TASK REQUIREMENTS:
Copy exactly, and only, the lines from the line containing "Question: Please identify" through the last line of the records below, both included, and leave out any pictures.
○ ○ ○ ○ ○
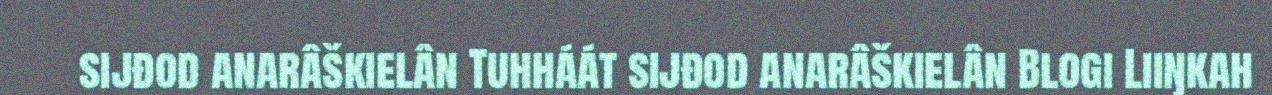
sijđod anarâškielân Tuhháát sijđod anarâškielân Blogi Liiŋkah
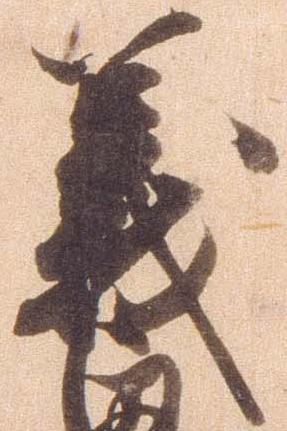
義
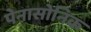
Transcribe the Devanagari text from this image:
पेनासोनिक
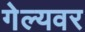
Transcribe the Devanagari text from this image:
गेल्यवर
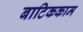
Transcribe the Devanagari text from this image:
बाटिककाम
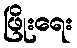
ဖြိုးရေး
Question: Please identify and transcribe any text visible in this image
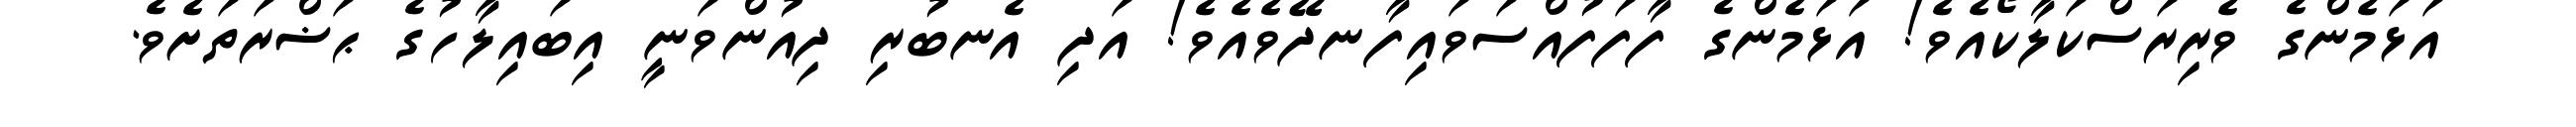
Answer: އަޅަމެންގެ ވެރިރަސްކަލާކޯއެވެ! އަޅަމެންގެ ފާފަފުއްސަވައިފާނދޭވެއެވެ! އަދި އެނބުރި ދިއުންވަނީ އިބައިލާހުގެ ޙަޟްރަތަށެވެ.
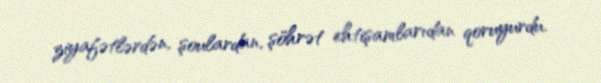
ziyafətlərdən, şoulardan, şöhrət ehtişamlarıdan qoruyurdu.
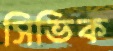
সিভিক
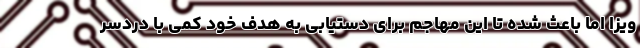
ویزا اما باعث شده تا این مهاجم برای دستیابی به هدف خود کمی با دردسر
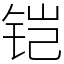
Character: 铠
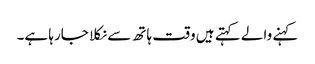
کہنے والے کہتے ہیں وقت ہاتھ سے نکلا جارہا ہے۔
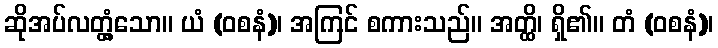
ဆိုအပ်လတ္တံ့သော။ ယံ (ဝစနံ)၊ အကြင် စကားသည်။ အတ္ထိ၊ ရှိ၏။ တံ (ဝစနံ)၊
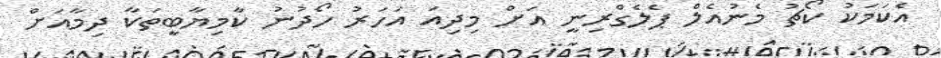
އެކަމަކު ކޯޗު މެނުއެލް ޕެލެގްރިނީ އަށް މިދިއަ އަހަރު ހޯދުނު ކާމިޔާބީތަކާ ދިމާއަށް
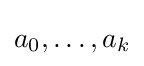
a_{0},\ldots ,a_{k}
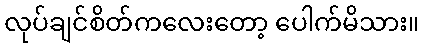
လုပ်ချင်စိတ်ကလေးတော့ ပေါက်မိသား။
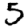
Digit: 5
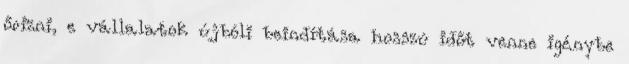
őrizni, e vállalatok újbóli beindítása hosszú időt venne igénybe
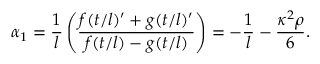
\alpha _ { 1 } = \frac { 1 } { l } \left( \frac { f ( t / l ) ^ { \prime } + g ( t / l ) ^ { \prime } } { f ( t / l ) - g ( t / l ) } \right) = - \frac { 1 } { l } - \frac { \kappa ^ { 2 } \rho } { 6 } .
○ ○ ○ ○ ○
ANSWER SECTION:
Question: Please identify and transcribe any text visible in this image
Answer: އަޅަމެންގެ ވެރިރަސްކަލާކޯއެވެ! އަޅަމެންގެ ފާފަފުއްސަވައިފާނދޭވެއެވެ! އަދި އެނބުރި ދިއުންވަނީ އިބައިލާހުގެ ޙަޟްރަތަށެވެ.
ziyafətlərdən, şoulardan, şöhrət ehtişamlarıdan qoruyurdu.
সিভিক
ویزا اما باعث شده تا این مهاجم برای دستیابی به هدف خود کمی با دردسر
Character: 铠
کہنے والے کہتے ہیں وقت ہاتھ سے نکلا جارہا ہے۔
ဆိုအပ်လတ္တံ့သော။ ယံ (ဝစနံ)၊ အကြင် စကားသည်။ အတ္ထိ၊ ရှိ၏။ တံ (ဝစနံ)၊
އެކަމަކު ކޯޗު މެނުއެލް ޕެލެގްރިނީ އަށް މިދިއަ އަހަރު ހޯދުނު ކާމިޔާބީތަކާ ދިމާއަށް
a_{0},\ldots ,a_{k}
လုပ်ချင်စိတ်ကလေးတော့ ပေါက်မိသား။
Digit: 5
őrizni, e vállalatok újbóli beindítása hosszú időt venne igénybe
\alpha _ { 1 } = \frac { 1 } { l } \left( \frac { f ( t / l ) ^ { \prime } + g ( t / l ) ^ { \prime } } { f ( t / l ) - g ( t / l ) } \right) = - \frac { 1 } { l } - \frac { \kappa ^ { 2 } \rho } { 6 } .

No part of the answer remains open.